Se pudesse voltar atrás? Decerto continuaria a usar a palavra como arma. Decerto se voltaria a indignar. Decerto teria chamado, como chamou, para tocar consigo os melhores músicos, reinventando as suas criações com arranjos cada vez mais belos. Decerto teria sido, como foi, um grande português. Decerto teria feito tudo da mesma forma – porque era convicto de que era essa a fórmula certa de ser um trovador com a arma certa. Lutando pelo seu país.

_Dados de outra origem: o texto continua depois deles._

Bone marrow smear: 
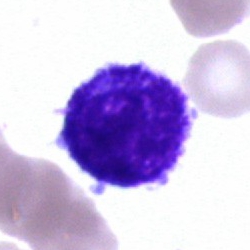 The cell shown is a lymphocyte.
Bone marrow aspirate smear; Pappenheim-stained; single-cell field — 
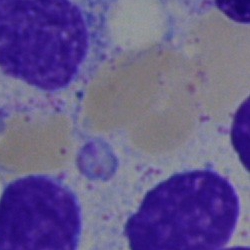

Classification — artefact.
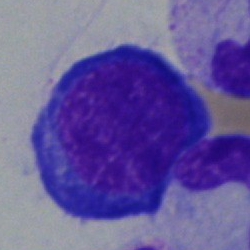Bone marrow aspirate smear, single cell — nucleated red blood cell.
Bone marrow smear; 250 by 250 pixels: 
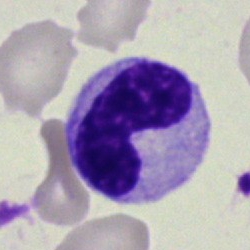

Cell = stab cell.
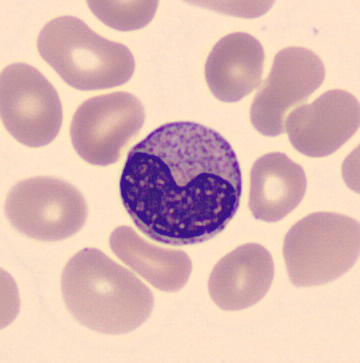 Acquisition: Peripheral blood film. The cell type is metamyelocyte.
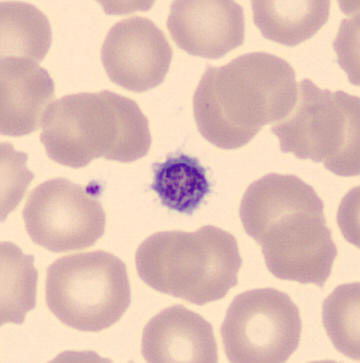
This is a platelet.
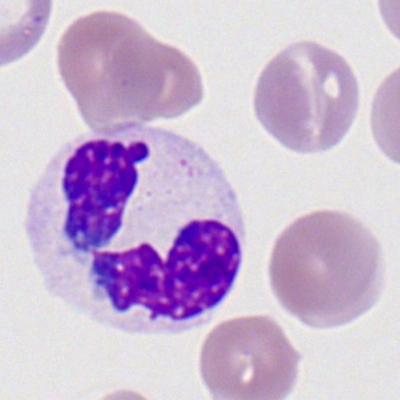

Specimen: peripheral blood film.
Morphological class: neutrophil (segmented).
Lineage: myeloid.
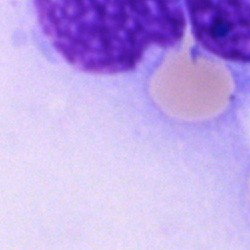
Cell — artifact.

Pedro Barroso nunca quis olhar para si. Deixou a sua obra e quis que olhássemos para ela – então, agora e no futuro. Quis que gostássemos de gostar – não dele, mas das suas palavras, das suas cantigas, das suas criações. É esse o seu legado. O único que quis deixar. Ao escutarmo-lo, olhá-lo-emos olhos nos olhos, como nos fez a nós, e diremos: valeu a pena, Pedro Barroso. Obrigado.

Aprendi nos 'esteiros' com Soeiro
E aprendi na 'fanga' com Redol
Tenho no rio grande o mundo inteiro
E sinto o mundo inteiro no teu colo

Ouvir também: 'Cantarei' (1982). Todo o poema poderia ser o seu epitáfio.